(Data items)
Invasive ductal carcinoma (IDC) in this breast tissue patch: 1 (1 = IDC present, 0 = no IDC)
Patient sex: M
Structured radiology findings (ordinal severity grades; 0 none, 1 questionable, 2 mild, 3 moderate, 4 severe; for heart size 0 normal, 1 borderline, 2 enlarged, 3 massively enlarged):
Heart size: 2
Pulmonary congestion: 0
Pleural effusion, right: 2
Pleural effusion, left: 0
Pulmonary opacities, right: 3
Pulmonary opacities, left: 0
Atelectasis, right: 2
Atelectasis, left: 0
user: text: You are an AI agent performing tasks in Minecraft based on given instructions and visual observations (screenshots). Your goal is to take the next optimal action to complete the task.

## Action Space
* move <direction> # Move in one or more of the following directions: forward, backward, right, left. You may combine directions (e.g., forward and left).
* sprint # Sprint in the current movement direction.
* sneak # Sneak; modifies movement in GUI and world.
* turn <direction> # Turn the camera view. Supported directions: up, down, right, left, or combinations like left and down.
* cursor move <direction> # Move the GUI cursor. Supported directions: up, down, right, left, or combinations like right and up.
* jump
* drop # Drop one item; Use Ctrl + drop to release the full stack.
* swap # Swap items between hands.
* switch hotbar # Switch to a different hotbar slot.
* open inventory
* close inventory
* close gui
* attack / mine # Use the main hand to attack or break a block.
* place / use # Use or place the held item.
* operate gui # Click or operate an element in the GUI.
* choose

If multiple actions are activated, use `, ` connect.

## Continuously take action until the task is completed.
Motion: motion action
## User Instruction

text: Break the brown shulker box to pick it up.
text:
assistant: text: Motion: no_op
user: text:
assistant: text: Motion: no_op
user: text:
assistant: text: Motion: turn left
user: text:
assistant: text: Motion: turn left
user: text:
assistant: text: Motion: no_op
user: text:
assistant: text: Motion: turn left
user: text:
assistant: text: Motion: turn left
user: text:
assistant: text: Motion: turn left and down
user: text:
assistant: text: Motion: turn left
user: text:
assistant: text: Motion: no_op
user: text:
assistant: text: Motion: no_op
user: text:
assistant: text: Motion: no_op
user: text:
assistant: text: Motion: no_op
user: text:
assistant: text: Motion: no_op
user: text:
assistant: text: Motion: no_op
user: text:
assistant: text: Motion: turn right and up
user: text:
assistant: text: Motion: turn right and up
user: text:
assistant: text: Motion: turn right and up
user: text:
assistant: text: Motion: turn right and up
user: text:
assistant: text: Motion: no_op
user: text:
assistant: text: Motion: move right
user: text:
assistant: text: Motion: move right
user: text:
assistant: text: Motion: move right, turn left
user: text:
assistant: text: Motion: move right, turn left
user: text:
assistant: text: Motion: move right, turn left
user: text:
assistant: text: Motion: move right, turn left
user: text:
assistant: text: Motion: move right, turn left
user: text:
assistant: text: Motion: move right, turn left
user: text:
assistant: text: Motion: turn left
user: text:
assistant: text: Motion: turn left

**YOUR TASK**
Filter the records for lines containing the word "directions" and copy each one.

**WORKED SOLUTION**
* move <direction> # Move in one or more of the following directions: forward, backward, right, left. You may combine directions (e.g., forward and left).
* turn <direction> # Turn the camera view. Supported directions: up, down, right, left, or combinations like left and down.
* cursor move <direction> # Move the GUI cursor. Supported directions: up, down, right, left, or combinations like right and up.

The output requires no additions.